Jacob's Pillow Dance
Becket, Mass.
Doris Duke Studio Theatre
June 30-July 3, 2005
Program: "Tense Dave"

Who is Dave, and why is he so tense?

Actually, it doesn't really matter. Besides bearing a more than vague aesthetic similarity to namesakes David Byrne and David Lynch, the main character of "Tense Dave" is a Beckettian everyman, reluctantly sucked into the seamy vortex of his neighbor's bizarre lives.


In he hands of the Australian dance collective, Chunky Move (my fingers keep wanting to type Chunky Monkey, but that's because they're tense), this plays itself out in the course of an intriguing, funny, disturbing, ultimately passionate short hour, the best of which challenges dancers and audience alike -- to great reward -- on a revolving stage that offers simultaneous vignettes of five different lives.


Dave seemingly existed in his own world, a blank, empty tabula rasa, as opposed to his quirky neighbors, to each of whom we are introduced in all their flagrant delirium.


Giving new meaning to "no one knows what goes on behind closed doors" (and, after seeing this, you won't want to), "Tense Dave" deals with the walls we build around ourselves and the walls we take down.
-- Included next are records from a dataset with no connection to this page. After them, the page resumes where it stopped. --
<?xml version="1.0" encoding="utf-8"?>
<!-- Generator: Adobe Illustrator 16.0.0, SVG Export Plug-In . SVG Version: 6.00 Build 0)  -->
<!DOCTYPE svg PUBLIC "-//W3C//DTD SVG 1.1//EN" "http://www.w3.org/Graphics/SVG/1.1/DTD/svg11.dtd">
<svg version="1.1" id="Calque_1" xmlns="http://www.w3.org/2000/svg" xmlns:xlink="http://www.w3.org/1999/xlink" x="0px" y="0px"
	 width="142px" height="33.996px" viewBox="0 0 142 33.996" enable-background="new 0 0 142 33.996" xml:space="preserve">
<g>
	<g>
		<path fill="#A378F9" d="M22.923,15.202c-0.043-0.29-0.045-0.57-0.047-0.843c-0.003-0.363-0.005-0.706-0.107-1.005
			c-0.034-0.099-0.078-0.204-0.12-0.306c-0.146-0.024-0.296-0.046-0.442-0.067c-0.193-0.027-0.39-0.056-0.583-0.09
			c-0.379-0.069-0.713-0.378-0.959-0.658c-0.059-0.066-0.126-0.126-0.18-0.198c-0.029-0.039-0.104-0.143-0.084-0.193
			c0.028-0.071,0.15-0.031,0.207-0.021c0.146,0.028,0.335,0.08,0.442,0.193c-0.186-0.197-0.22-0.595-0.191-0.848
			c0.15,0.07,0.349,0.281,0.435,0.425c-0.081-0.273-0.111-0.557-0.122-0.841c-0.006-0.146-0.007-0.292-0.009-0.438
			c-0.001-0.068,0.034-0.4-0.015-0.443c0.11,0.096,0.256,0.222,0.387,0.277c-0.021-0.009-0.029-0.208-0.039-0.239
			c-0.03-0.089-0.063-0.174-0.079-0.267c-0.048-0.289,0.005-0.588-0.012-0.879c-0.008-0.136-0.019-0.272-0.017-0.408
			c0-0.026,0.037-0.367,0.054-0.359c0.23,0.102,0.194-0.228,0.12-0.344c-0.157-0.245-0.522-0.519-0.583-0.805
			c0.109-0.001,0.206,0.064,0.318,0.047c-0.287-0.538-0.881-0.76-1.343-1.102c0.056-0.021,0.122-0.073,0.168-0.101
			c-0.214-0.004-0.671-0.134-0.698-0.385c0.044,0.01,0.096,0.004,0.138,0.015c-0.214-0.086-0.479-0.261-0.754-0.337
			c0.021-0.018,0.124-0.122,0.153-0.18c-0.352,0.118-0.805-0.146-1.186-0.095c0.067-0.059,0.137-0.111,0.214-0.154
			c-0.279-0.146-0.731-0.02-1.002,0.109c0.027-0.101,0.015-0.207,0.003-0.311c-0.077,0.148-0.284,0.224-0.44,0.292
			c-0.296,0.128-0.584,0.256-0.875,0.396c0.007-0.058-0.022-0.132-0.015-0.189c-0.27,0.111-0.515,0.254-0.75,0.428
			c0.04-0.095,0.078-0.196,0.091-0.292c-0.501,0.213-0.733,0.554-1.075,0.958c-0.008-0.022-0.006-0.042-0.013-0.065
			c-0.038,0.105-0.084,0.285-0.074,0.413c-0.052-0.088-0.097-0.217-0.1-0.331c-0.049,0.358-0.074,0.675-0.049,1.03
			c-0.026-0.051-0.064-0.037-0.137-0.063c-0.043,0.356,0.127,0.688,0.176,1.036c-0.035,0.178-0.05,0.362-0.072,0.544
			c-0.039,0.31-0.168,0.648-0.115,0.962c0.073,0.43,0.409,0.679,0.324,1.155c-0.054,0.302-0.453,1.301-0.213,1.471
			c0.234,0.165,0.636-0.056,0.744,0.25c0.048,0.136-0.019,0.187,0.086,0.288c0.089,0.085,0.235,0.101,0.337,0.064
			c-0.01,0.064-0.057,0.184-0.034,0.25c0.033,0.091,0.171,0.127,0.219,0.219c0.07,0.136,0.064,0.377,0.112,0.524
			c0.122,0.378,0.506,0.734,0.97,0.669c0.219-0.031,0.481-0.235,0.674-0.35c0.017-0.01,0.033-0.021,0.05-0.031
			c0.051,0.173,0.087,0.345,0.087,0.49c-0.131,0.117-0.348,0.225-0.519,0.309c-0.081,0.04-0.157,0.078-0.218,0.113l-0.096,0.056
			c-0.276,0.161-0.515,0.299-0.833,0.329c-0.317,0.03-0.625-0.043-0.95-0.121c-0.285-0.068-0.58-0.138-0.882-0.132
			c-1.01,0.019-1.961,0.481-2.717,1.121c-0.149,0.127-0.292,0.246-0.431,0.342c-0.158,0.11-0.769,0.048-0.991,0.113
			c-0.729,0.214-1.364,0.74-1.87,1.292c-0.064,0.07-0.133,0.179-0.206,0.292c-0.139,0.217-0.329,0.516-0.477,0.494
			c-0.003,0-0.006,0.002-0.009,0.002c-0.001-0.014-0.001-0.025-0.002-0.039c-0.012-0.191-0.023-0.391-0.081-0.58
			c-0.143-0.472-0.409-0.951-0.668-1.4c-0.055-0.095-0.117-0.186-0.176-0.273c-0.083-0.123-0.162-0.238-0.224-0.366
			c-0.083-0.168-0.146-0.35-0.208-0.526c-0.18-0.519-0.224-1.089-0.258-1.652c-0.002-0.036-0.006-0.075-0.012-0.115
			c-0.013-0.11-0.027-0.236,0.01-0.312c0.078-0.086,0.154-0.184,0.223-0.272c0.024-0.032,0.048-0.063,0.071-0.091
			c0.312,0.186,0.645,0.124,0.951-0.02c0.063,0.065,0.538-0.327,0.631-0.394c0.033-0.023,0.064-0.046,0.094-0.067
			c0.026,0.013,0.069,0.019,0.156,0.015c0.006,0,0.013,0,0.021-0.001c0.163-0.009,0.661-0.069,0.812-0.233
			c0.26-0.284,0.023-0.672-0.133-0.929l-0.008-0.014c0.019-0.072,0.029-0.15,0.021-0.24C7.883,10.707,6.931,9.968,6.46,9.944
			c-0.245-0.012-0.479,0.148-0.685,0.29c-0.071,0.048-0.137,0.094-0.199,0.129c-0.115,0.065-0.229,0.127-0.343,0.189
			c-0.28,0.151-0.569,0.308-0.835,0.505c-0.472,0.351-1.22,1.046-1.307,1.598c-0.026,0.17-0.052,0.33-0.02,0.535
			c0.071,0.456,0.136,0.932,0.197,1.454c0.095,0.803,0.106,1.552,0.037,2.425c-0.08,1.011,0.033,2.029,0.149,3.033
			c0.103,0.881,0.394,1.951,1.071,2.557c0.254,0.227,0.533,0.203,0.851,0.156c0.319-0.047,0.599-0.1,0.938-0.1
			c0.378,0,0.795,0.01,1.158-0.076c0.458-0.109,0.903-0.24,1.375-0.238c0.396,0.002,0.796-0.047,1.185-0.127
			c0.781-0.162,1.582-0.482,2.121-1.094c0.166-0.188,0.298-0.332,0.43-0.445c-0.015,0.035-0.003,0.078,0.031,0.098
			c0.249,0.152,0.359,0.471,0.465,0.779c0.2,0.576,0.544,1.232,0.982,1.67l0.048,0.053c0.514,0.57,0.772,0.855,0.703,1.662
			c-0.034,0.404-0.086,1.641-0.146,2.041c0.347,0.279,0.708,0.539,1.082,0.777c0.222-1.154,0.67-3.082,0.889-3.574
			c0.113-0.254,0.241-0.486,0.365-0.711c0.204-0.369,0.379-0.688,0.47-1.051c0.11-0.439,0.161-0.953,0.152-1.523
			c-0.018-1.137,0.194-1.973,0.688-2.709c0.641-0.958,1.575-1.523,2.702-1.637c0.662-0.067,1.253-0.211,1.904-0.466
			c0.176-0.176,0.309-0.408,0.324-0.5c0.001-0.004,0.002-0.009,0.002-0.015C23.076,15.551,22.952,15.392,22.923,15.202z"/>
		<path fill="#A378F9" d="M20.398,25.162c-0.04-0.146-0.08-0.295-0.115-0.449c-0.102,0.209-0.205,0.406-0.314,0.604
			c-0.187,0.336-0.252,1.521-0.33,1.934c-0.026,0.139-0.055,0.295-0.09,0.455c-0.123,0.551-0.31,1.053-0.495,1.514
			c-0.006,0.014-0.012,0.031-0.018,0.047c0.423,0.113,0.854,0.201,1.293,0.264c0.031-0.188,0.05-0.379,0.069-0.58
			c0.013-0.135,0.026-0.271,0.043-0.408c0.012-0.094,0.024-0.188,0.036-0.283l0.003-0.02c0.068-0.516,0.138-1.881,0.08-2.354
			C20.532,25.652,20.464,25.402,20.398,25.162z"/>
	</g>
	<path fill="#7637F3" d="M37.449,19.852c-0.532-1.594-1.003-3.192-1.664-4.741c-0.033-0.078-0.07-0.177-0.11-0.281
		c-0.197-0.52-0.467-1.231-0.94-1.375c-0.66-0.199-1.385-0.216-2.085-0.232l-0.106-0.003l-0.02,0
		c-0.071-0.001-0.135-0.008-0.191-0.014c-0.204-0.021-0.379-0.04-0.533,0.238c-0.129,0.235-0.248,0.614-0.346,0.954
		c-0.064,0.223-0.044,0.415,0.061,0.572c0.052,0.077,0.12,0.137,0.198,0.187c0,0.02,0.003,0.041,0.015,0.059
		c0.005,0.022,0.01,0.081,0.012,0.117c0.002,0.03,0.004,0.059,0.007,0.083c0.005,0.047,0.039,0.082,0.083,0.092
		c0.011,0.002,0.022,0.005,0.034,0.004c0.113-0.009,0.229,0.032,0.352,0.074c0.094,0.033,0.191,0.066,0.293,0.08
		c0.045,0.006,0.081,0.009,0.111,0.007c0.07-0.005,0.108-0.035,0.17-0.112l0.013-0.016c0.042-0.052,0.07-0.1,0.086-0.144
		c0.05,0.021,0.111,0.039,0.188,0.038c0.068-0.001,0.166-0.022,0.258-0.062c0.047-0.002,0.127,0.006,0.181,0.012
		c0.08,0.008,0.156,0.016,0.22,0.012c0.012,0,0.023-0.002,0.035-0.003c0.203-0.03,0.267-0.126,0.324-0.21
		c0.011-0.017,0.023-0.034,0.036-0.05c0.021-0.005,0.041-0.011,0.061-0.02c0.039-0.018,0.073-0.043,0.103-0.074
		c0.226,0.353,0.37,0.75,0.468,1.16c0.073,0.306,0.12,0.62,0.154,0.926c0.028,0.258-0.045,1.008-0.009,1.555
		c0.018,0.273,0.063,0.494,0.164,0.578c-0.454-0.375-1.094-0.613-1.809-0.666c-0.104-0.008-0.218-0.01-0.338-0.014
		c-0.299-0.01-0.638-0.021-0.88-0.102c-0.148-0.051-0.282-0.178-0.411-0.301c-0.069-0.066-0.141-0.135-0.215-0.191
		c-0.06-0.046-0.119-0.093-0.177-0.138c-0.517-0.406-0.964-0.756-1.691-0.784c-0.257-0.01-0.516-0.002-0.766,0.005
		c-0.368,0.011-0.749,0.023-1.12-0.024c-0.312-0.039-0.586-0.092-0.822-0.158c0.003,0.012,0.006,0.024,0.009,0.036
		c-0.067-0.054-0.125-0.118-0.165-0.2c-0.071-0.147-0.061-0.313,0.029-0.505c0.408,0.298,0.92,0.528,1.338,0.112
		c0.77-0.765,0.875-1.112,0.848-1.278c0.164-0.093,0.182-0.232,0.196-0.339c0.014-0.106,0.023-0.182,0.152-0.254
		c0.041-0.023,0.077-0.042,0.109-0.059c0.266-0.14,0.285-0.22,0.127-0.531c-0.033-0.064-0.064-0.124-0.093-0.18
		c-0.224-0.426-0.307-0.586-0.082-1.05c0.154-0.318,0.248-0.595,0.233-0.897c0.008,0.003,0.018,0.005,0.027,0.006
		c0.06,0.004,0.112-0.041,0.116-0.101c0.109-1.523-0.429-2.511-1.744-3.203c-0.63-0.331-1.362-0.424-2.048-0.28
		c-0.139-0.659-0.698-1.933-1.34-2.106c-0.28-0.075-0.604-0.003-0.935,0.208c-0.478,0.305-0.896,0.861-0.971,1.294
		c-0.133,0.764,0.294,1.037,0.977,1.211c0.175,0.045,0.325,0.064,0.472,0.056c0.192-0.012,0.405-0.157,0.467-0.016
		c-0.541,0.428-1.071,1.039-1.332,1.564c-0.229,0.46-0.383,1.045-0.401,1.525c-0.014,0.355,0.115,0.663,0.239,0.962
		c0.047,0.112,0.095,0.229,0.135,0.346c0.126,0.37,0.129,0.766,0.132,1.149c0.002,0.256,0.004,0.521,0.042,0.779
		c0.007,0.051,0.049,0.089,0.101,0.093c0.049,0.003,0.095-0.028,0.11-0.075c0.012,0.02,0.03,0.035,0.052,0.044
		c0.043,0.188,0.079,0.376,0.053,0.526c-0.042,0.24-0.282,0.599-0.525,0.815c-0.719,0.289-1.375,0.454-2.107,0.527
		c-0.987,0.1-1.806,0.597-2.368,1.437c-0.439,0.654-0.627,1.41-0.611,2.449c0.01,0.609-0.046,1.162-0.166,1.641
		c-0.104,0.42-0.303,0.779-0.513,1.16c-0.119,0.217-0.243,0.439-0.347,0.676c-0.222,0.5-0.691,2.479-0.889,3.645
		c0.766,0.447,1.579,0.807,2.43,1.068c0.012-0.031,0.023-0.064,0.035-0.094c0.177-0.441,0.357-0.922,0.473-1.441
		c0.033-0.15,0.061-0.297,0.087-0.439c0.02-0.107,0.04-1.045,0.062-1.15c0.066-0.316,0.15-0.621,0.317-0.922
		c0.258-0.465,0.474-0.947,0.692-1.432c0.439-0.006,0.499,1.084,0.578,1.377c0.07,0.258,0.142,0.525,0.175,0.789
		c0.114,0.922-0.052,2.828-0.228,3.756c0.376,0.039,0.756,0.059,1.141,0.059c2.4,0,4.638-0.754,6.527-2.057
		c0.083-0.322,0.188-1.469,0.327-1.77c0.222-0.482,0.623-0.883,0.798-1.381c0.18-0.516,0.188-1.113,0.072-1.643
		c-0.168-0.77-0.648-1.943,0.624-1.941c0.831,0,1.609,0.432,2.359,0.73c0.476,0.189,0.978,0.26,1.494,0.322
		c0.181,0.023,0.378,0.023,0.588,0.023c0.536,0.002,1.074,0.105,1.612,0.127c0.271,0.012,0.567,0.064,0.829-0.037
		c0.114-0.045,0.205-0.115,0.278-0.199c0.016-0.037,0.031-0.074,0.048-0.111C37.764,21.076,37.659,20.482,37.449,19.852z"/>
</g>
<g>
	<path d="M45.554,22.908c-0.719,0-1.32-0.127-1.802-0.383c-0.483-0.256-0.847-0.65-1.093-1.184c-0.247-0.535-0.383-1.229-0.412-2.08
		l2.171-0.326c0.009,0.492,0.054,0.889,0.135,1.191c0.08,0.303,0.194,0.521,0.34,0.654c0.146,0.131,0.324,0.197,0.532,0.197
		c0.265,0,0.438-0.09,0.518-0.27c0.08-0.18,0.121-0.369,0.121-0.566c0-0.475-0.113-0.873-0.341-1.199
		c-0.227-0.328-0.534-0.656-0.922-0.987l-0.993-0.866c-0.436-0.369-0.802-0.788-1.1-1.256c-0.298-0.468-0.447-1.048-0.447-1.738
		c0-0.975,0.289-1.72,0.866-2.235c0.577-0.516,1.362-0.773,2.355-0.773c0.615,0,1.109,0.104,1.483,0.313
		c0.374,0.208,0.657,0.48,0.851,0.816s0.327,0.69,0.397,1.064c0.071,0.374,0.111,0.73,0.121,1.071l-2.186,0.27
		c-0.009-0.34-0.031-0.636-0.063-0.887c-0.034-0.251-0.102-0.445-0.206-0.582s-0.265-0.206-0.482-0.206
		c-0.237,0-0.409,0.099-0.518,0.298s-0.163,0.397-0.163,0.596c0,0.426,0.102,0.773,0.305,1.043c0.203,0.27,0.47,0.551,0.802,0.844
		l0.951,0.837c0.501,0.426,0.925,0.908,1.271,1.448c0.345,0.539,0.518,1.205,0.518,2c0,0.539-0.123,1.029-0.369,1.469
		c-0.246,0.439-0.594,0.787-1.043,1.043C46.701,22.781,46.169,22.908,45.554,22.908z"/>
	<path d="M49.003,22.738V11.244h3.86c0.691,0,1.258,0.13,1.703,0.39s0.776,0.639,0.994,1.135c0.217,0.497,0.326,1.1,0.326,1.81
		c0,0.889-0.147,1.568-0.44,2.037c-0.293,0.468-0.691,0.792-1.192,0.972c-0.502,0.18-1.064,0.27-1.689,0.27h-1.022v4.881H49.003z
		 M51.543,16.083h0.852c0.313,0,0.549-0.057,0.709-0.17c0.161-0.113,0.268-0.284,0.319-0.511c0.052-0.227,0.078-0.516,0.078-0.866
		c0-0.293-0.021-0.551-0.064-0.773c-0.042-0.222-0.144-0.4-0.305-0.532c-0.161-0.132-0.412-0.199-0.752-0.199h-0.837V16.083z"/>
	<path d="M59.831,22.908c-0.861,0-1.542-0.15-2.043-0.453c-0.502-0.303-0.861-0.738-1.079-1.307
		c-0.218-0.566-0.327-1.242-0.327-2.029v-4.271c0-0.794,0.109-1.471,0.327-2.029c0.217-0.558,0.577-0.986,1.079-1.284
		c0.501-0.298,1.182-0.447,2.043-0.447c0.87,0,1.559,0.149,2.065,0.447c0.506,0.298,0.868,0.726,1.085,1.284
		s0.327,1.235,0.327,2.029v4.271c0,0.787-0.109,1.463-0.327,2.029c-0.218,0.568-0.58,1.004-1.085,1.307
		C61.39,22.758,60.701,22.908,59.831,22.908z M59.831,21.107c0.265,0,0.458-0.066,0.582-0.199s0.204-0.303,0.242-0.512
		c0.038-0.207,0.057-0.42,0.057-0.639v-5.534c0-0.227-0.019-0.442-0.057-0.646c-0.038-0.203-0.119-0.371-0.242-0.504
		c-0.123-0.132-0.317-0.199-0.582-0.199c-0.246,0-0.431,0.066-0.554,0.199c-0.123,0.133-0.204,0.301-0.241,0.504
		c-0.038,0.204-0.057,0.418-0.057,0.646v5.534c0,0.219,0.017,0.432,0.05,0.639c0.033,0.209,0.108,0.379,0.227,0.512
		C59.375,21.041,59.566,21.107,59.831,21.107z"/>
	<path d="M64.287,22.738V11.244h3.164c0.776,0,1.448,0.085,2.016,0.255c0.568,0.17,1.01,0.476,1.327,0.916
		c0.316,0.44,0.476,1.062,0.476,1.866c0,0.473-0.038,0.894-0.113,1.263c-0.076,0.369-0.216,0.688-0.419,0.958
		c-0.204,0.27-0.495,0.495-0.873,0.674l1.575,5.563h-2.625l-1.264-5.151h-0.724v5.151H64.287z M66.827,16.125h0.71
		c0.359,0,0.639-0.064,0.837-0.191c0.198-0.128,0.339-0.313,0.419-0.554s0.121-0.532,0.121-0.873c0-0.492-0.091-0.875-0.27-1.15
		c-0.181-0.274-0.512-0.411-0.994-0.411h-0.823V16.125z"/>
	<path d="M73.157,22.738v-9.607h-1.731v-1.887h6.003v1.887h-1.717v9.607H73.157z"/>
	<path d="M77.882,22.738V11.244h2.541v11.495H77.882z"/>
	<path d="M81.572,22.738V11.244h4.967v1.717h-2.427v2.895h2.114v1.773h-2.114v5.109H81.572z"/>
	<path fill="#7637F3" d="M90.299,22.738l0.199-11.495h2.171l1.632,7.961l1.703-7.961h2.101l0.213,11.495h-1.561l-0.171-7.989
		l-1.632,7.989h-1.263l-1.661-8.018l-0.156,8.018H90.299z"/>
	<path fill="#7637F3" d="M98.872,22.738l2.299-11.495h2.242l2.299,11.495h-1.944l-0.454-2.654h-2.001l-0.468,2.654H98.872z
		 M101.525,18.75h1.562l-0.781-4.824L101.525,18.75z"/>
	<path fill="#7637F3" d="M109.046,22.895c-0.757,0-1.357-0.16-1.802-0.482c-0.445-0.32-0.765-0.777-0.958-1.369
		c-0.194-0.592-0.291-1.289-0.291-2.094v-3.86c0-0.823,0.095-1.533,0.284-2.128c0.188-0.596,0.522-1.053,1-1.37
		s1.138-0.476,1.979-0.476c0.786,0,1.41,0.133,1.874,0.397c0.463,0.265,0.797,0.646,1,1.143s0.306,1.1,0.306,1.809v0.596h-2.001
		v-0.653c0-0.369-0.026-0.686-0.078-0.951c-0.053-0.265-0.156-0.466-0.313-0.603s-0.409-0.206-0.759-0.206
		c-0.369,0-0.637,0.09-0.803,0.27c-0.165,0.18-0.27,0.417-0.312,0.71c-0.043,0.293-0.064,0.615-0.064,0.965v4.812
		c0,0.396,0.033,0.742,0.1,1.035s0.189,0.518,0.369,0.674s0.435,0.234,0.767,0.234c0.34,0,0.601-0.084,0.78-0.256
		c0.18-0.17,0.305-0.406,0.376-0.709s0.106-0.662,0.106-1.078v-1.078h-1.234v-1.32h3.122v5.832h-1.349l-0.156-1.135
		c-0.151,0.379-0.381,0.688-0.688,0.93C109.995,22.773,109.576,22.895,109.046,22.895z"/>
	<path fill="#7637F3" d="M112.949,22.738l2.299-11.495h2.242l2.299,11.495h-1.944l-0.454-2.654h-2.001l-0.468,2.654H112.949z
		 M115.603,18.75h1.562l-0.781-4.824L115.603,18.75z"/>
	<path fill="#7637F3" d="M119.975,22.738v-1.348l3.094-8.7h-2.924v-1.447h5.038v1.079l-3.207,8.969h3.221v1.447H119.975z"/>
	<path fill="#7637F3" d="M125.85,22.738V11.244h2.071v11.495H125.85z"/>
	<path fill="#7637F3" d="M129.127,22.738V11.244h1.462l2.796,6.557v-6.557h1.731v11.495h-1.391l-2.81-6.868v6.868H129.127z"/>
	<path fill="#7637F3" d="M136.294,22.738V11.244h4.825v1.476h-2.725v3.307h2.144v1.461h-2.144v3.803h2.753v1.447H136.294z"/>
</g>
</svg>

Playing itself out like some sort of kabuki version of "Eraserhead" in vignettes that variously include dance, dialogue, music, and sound effect, and range stylistically from kung fu to puppetry, the program, which poses intense physical and emotional demands on the performers, even moreso than the somewhat challenged audience, explodes in an orgy of violence and destruction towards the end, leaving viewers with a new appreciation of Robert Frost's dictum, "good fences make good neighbors."


So do solid plaster walls.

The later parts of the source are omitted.